O seu percurso como professora, que se estendeu por quase duas décadas, foi marcado por uma abordagem inovadora e pelo envolvimento em projetos que iam além do ensino convencional. Trabalhou em contextos desafiadores, como bairros sociais e prisões, sempre com o objetivo de adaptar a educação às realidades dos alunos e de promover uma aprendizagem mais inclusiva e significativa. “A escola tradicional tem que mudar muita coisa, na minha ótica, porque muitas vezes está completamente divorciada dos contextos de onde crescem as pessoas, as crianças, e depois querem impor um modelo que muitas vezes não tem nada a ver e que podia ser adaptado”, defende.

A sua paixão pelos museus e pela educação culminou no convite para integrar, em 2006, o Museu Carlos Machado, onde desempenhou um papel fundamental no Serviço Educativo. Através de projetos como o Museu Móvel, Maria Emanuel Albergaria pôde explorar e valorizar as diversas comunidades da Ilha de São Miguel, aprofundando o seu conhecimento sobre a cultura e a história local, numa perspetiva de democracia cultural. O trabalho no museu permitiu-lhe conciliar as duas grandes paixões: a antropologia e as artes.

“No museu, foi-me dada a oportunidade, através do Museu Móvel, de começar a trabalhar sobre o Património Cultural Imaterial dos Açores, especialmente de São Miguel.
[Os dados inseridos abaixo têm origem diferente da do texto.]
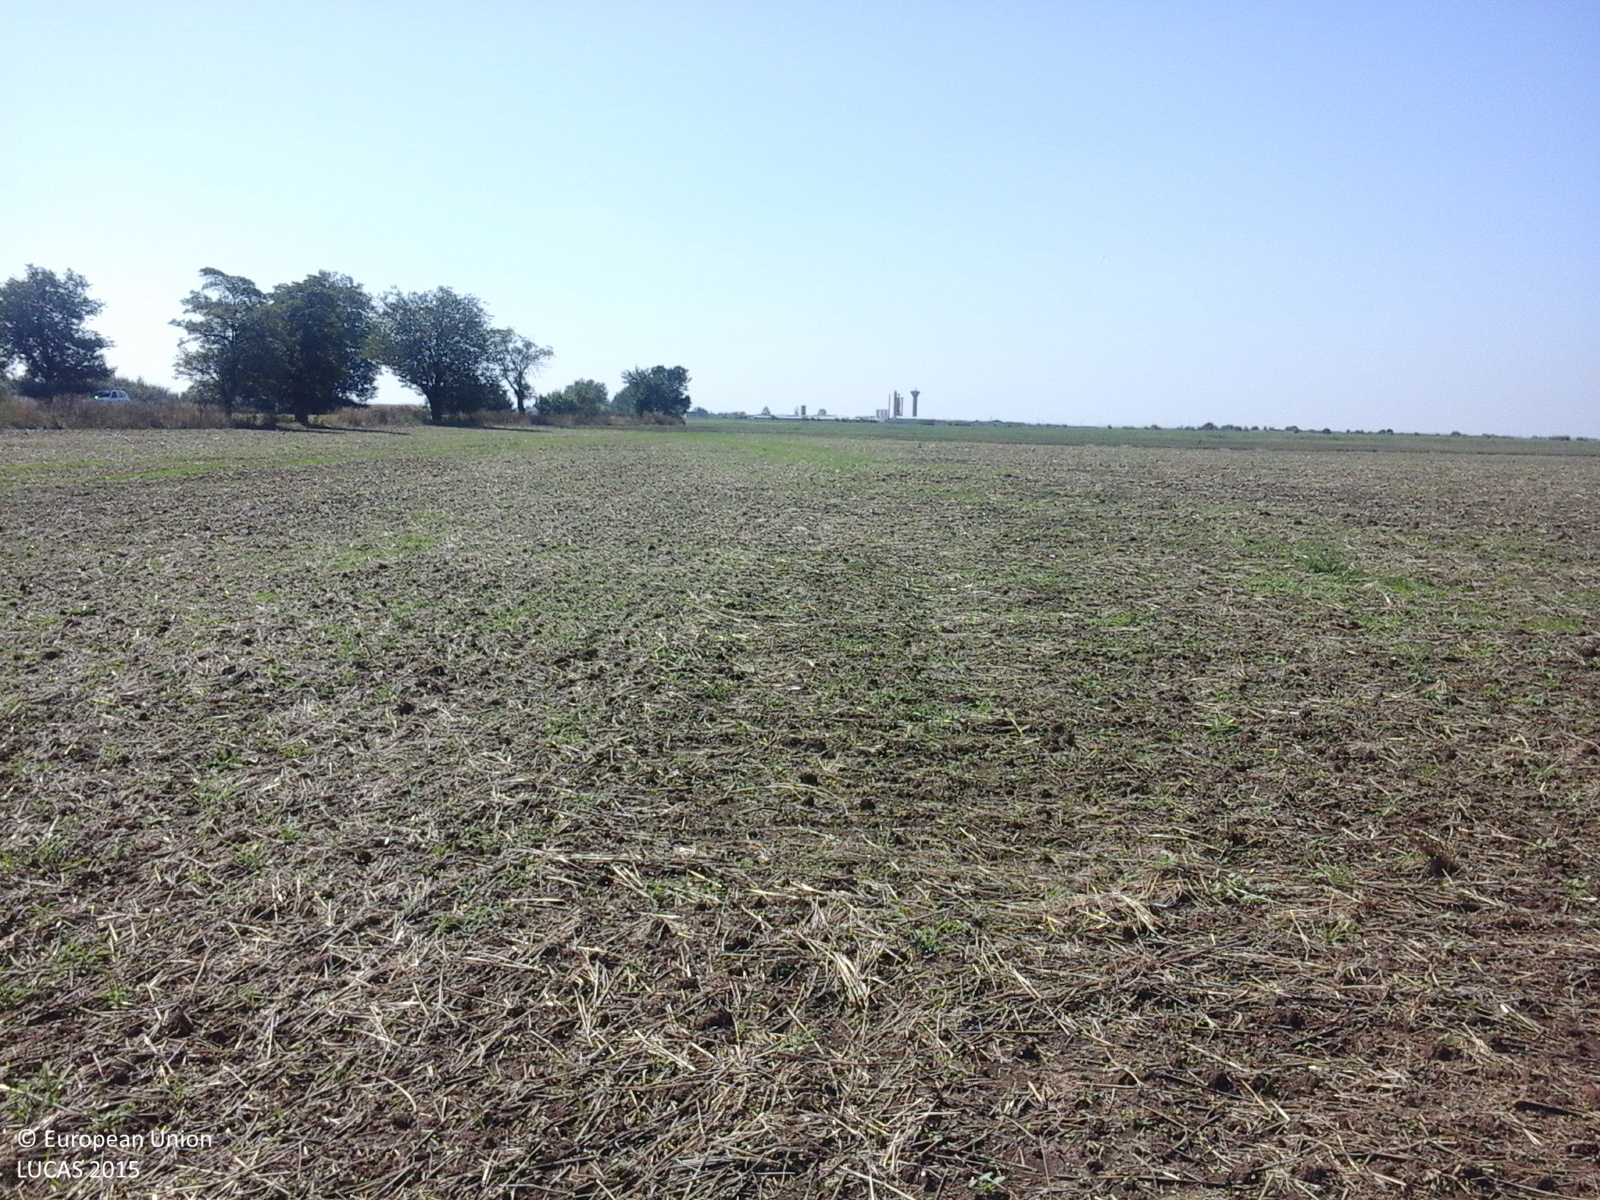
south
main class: Cropland
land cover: Common wheat
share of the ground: 10 - 25 %
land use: Agriculture (excluding fallow land and kitchen gardens)
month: August
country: RO
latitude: 45.8879
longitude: 21.2035

Fiz vários trabalhos na comunidade, como um nas Sete Cidades, que durou alguns anos e foi muito, muito interessante para todos”, afirma, acrescentando: “Interessa-me muito o lado mais invisível da história e das comunidades, porque normalmente a história dos Açores tem sido contada sempre numa ótica dos protagonistas e a mim interessa-me conhecer  outras narrativas”.
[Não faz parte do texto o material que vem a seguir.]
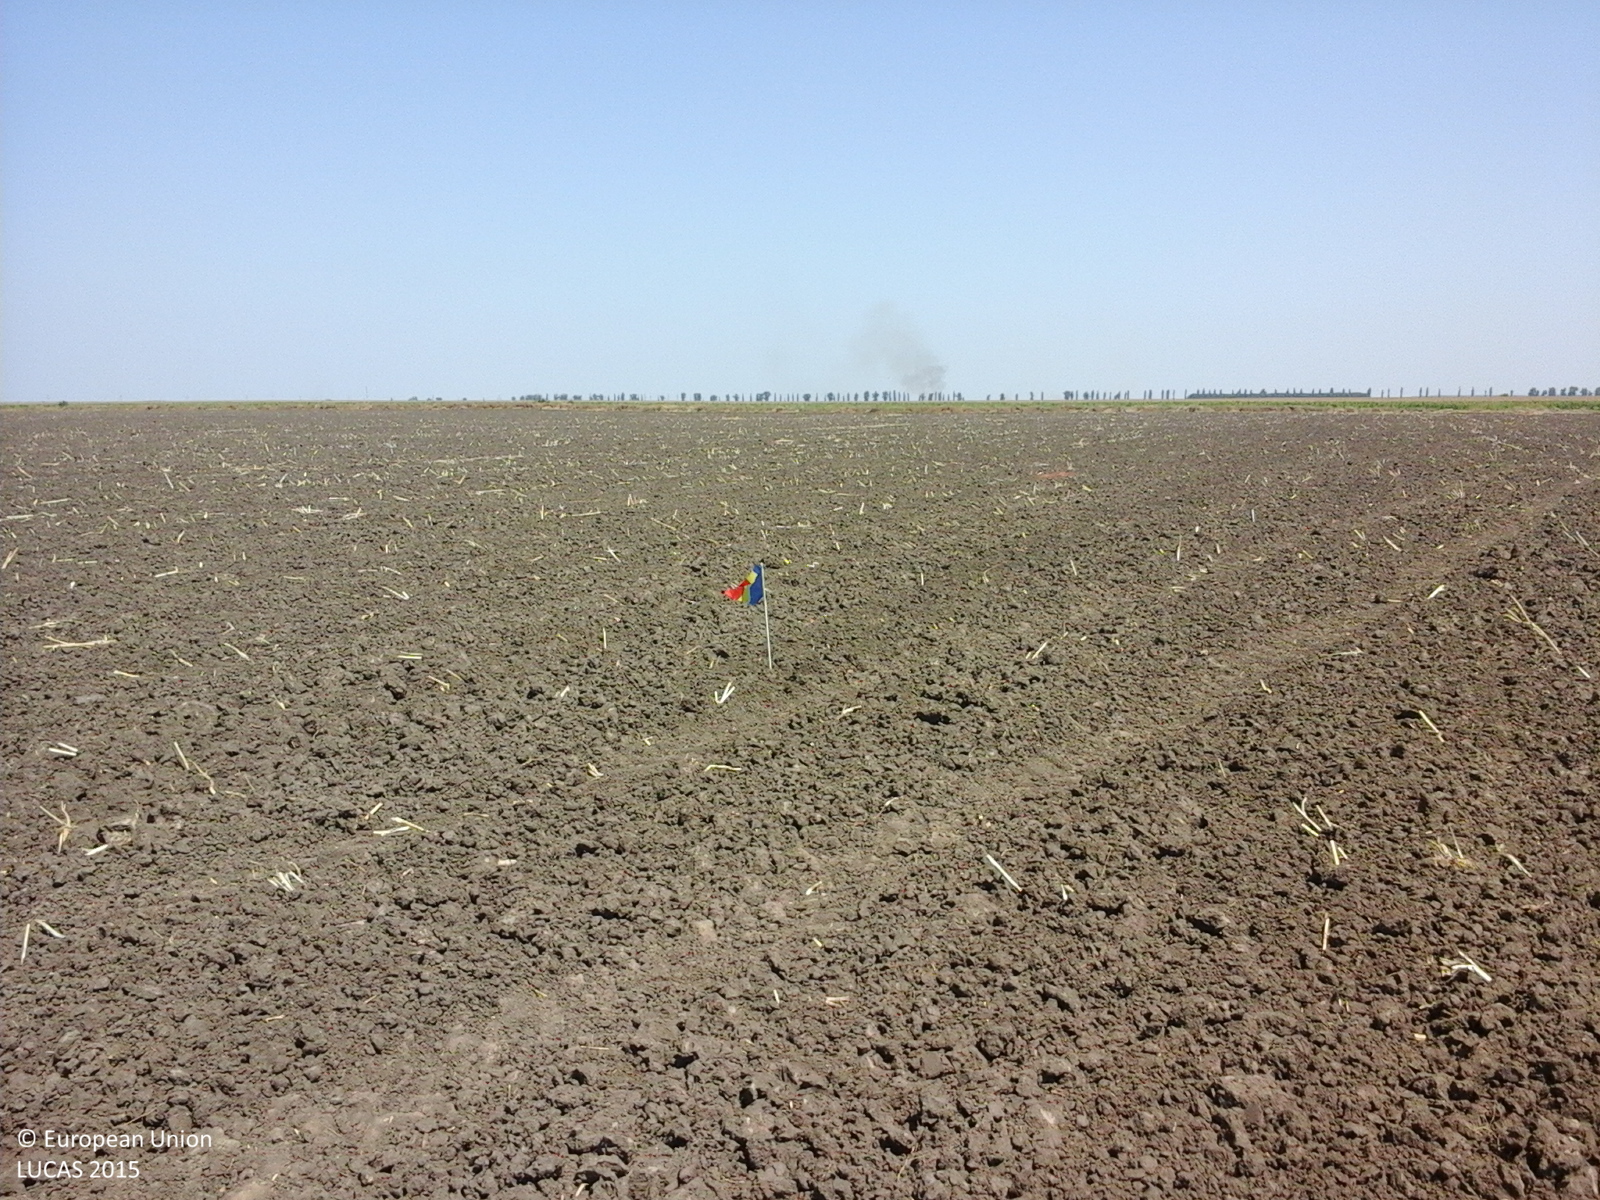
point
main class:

Nos últimos cinco anos, Maria Emanuel Albergaria tem-se dedicado ao Plano Nacional das Artes, onde continua a explorar novas metodologias educativas e a promover projetos culturais inovadores. O seu trabalho é caracterizado por uma constante busca de equilíbrio entre o respeito pelas ancestralidades e a necessidade de adaptação às mudanças contemporâneas, especialmente no que diz respeito à educação e à sustentabilidade. “O meu trabalho no Plano Nacional das Artes tem sido muito interessante, pois permite conhecer projetos educativos inovadores, que acho que são muito importantes para o futuro, porque o futuro também passa por uma aposta forte na educação”, destaca.

Com um foco crescente no interesse pela produção hortícola e no impacto ambiental, Maria Emanuel mantém-se uma defensora ativa de uma sociedade mais justa e sustentável, tanto a nível local como global.